Beiden vinden het inspirerend om met jonge mensen te werken.
Arthur: “Je gaat natuurlijk studeren, maar je bent niet alleen maar ‘de student’. Degene die studeert, dat is ‘de mens’. Ik vind het belangrijk dat daar aandacht voor is. Als studentenpsycholoog kan je die aandacht geven.”
Jerre: “De studententijd is een dynamische fase, ook los van je studie. Er is van alles dat je voor het eerst gaat doen. Dat leidt tot vragen. Wie ben ik? Wat wil ik? Wat kan ik? Maar ook: Wat voor manier van studeren past bij mij? Of: Tot wie voel ik me aangetrokken? Zo kom je er volgens mij in je studententijd pas echt achter wie je bent. Ik vind het heel mooi om als studentenpsycholoog mee te mogen denken.”
Studentenpsychologen Arthur van Andel en Jerre Mijnarends.
Pas in je studententijd kom je erachter wie je bent
Hoe gaat het nou echt met de Utrechtse studenten?
Jerre: “Uit onderzoek weten we dat het steeds minder goed gaat. Daarin heeft de pandemie een belangrijke rol gespeeld, maar het welzijn van studenten staat al langer onder druk.”
Arthur: “Ja. Toch vind ik het moeilijk om een feitelijke uitspraak te doen. De studententijd is een leuke en turbulente periode, waarin er veel gebeurt en op je afkomt. Het is logisch dat daar ook moeilijke dingen bij komen kijken.”
Jerre: “Ik ben trouwens sowieso allergisch voor het woord ‘gelukkig’.”
Wat bedoel je daarmee?
Jerre: “Ik bedoel: het zou geen doel moeten zijn om constant gelukkig te zijn. In gesprekken geven studenten regelmatig aan dat ze stressloos door hun studie heen willen. Maar de definitie van welzijn is niet ‘onafgebroken geluk’ of ‘een stressloos bestaan’. Dat bestaat niet.”
Een stressloos bestaan bestaat niet
Waar zouden studenten dan wel naar moeten streven?
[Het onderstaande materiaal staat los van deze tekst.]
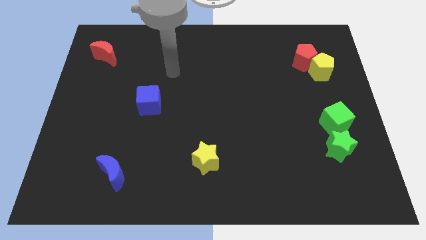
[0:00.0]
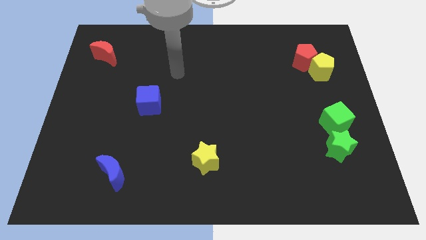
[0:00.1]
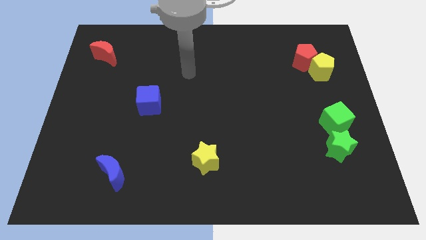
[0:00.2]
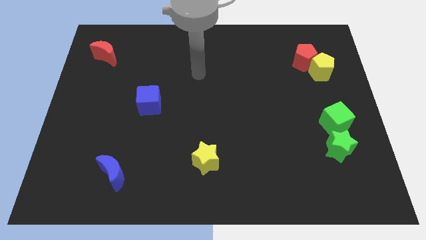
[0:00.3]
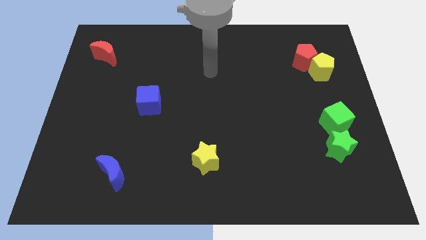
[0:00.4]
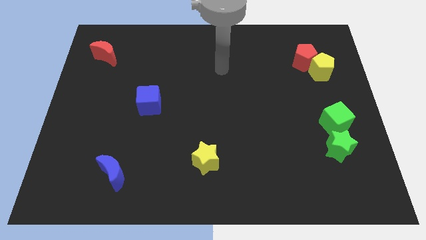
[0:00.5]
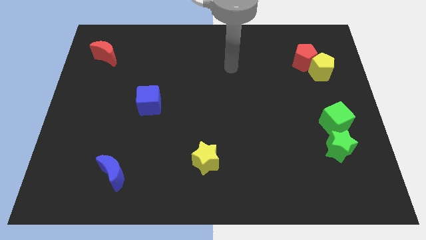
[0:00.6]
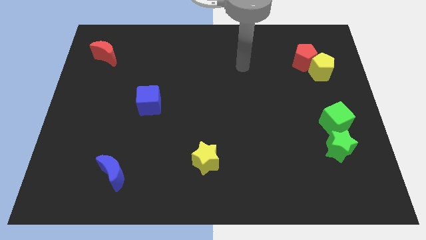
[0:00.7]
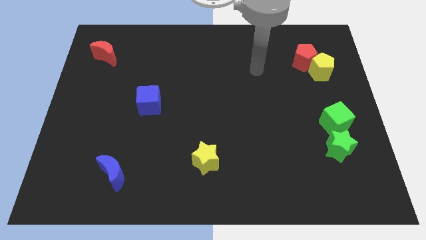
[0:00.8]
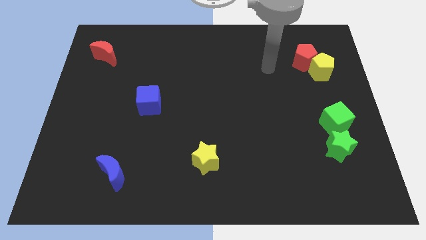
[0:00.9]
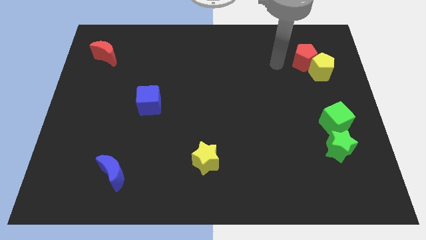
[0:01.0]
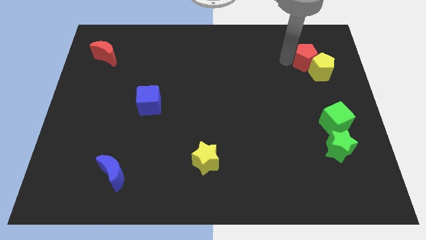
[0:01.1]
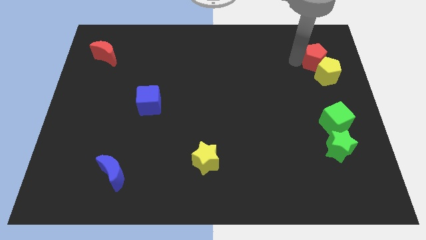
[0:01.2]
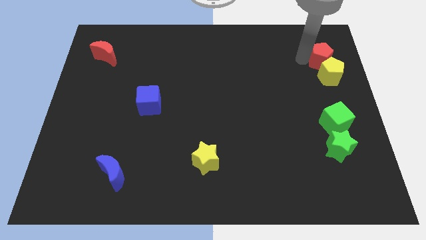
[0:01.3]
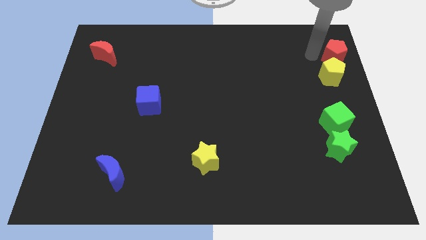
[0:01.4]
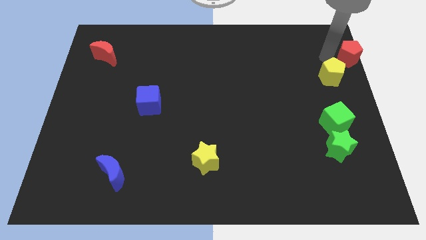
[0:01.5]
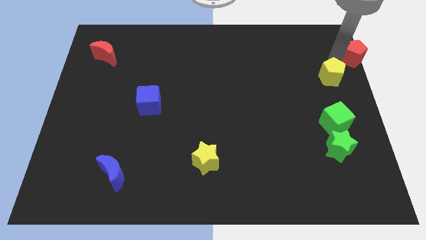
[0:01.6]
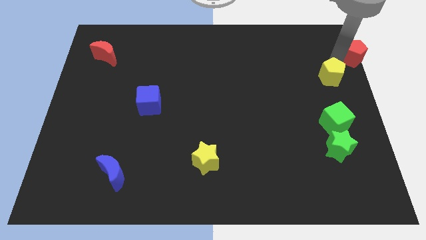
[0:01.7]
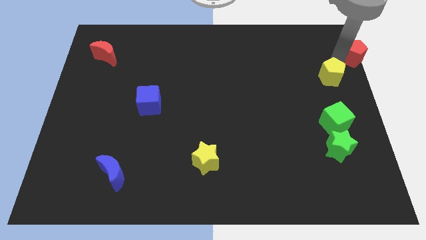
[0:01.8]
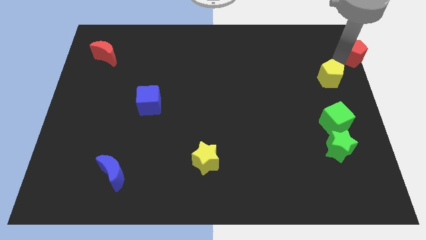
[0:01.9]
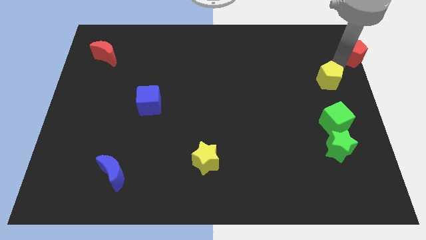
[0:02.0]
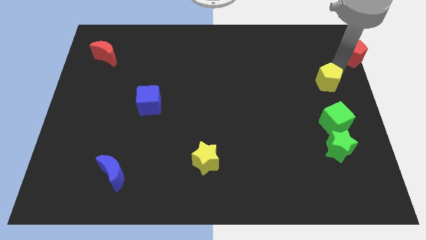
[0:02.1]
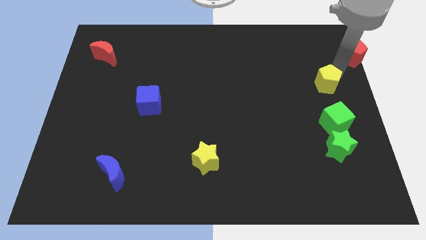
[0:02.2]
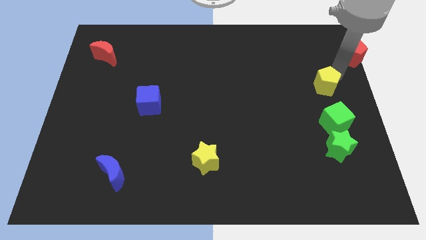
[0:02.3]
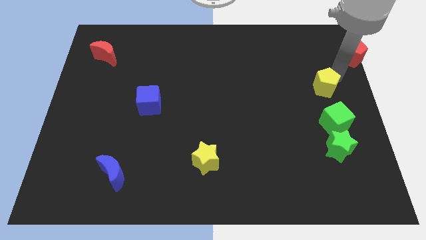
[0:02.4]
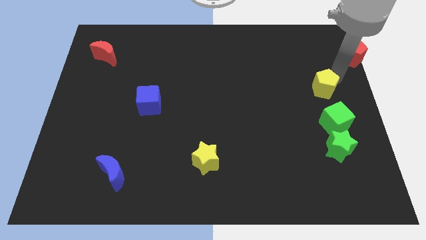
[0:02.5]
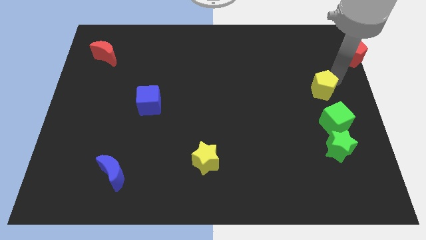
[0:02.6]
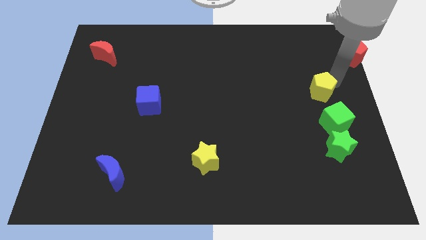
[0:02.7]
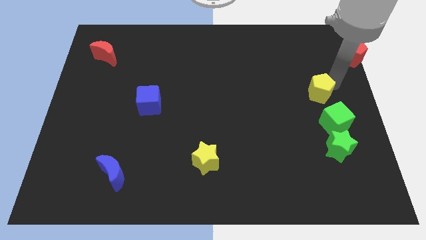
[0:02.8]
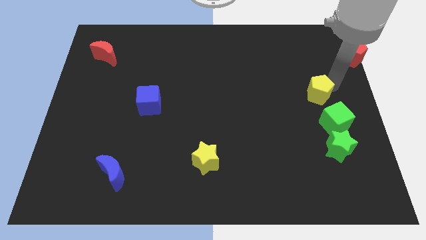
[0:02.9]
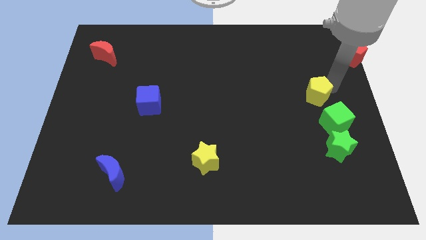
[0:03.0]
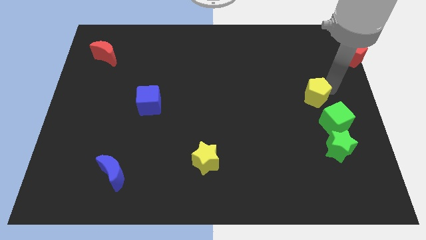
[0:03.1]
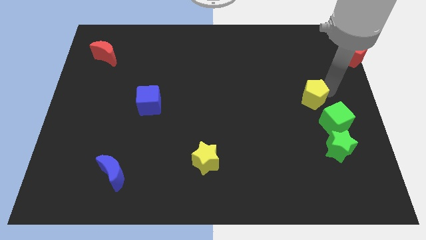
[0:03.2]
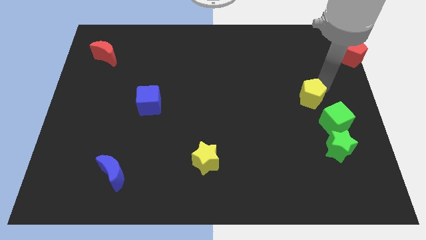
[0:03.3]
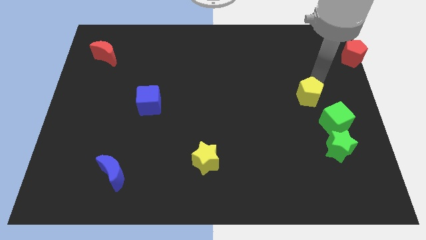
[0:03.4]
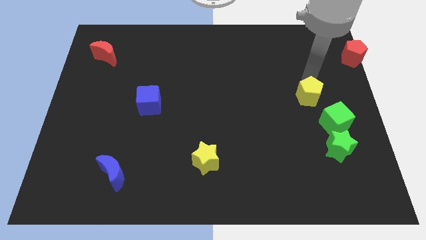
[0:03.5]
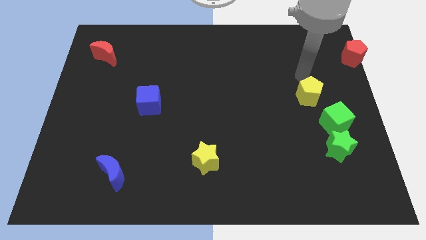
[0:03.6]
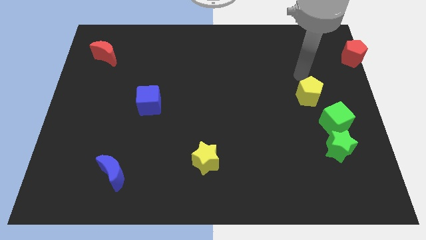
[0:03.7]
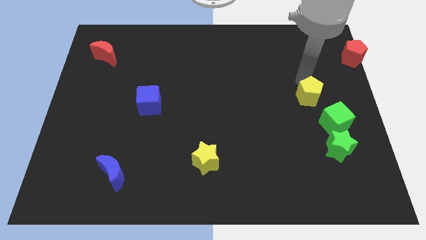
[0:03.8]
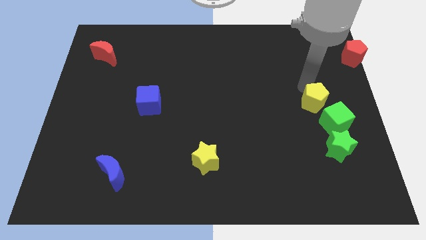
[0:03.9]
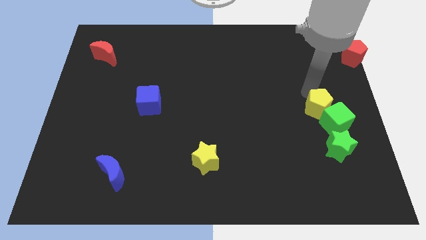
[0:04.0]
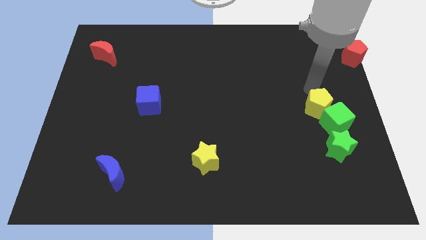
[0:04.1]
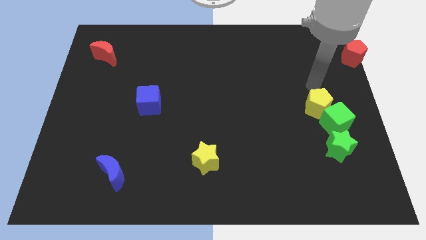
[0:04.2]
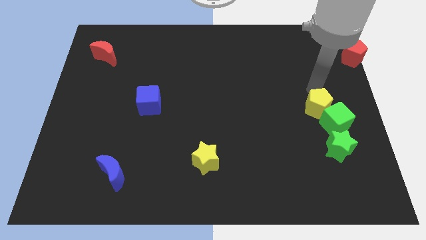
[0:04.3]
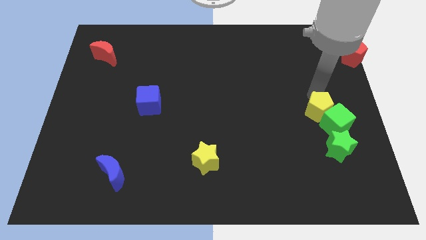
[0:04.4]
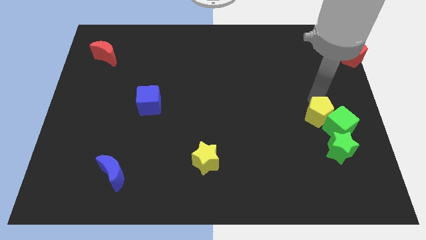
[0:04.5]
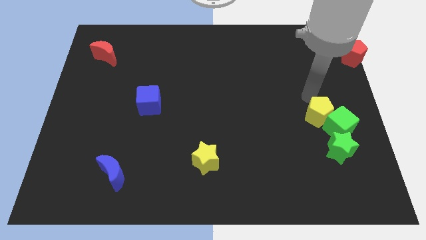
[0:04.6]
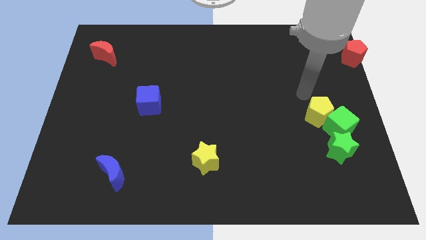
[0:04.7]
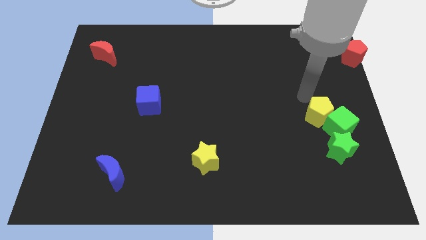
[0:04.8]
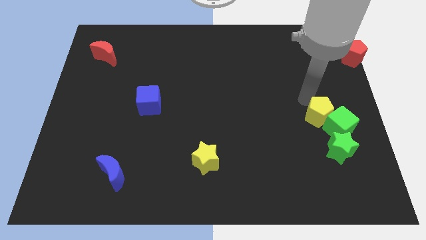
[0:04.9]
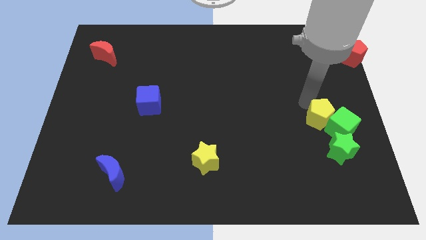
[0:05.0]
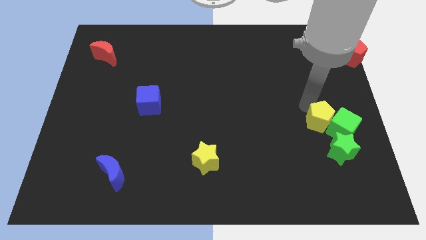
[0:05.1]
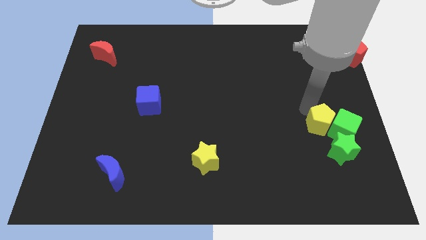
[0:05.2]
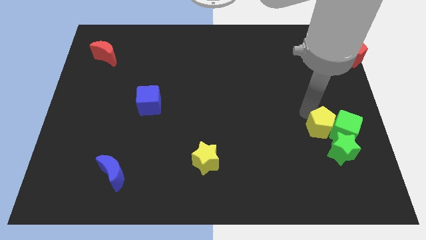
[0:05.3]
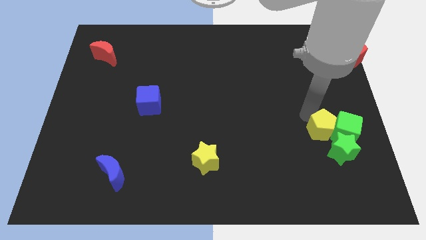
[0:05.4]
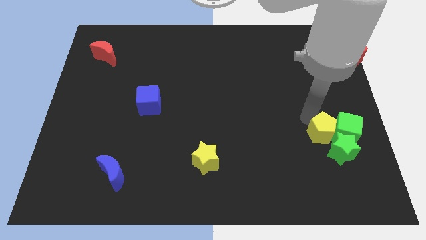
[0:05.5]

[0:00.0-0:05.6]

Jerre: “Ik denk dat welzijn betekent dat je de ruimte hebt om tegen dingen aan te lopen. Het heeft te maken met veerkracht: je adaptief op kunnen stellen in situaties. Zodat je met moeilijke dingen om kunt gaan en tegelijkertijd energie overhoudt om leuke dingen te doen en te groeien.”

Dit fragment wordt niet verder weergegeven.